___ TASK INPUT

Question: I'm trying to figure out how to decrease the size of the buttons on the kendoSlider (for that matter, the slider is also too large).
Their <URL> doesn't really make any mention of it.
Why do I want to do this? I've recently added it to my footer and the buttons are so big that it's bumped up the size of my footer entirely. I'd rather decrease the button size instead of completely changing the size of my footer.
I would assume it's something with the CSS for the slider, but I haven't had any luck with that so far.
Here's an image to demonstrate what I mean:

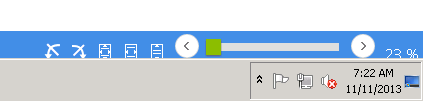
Answer: if the Buttons to big, why just hide them?
With
'''
showButtons: false
'''
in the configuration.
The size of the Buttons you can change via css. For example:
'''
.k-slider .k-button, .k-grid .k-slider .k-button {
-moz-border-radius: 13px;
-webkit-border-radius: 13px;
border-radius: 13px;
/* new */
border: 1px solid red;
width: 20px;
height: 20px;
}
.k-slider .k-button .k-icon {
margin-top: 1px;
vertical-align: top;
}
'''
Inspect the HTML element with chrome devtools or firefox.
I think the "size" of the slider you can adjust with this class:
'''
.k-slider-wrap {
width: 100%;
height: 100%;
}
'''
For the sprite-size eventually <URL> helps out.
Or just creatte your own one.
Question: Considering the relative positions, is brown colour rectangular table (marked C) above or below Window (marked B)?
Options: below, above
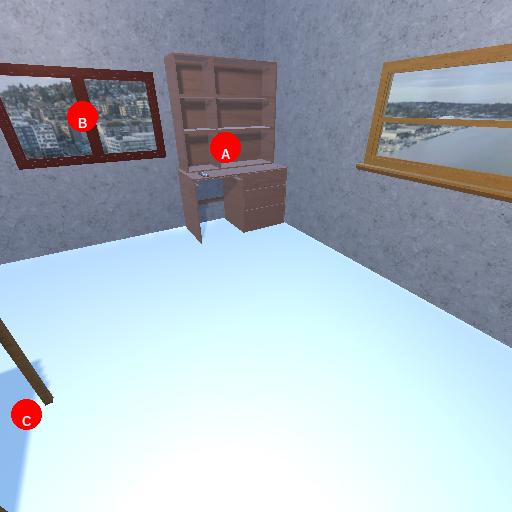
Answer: below

______

**WORK ITEM:** Set down exactly and only the lines from the line that contains "Question: Considering the" through the last line of the entries above, with both of those lines included and the pictures left out.

**RESPONSE TO THE TASK:**
Question: Considering the relative positions, is brown colour rectangular table (marked C) above or below Window (marked B)?
Options: below, above
Answer: below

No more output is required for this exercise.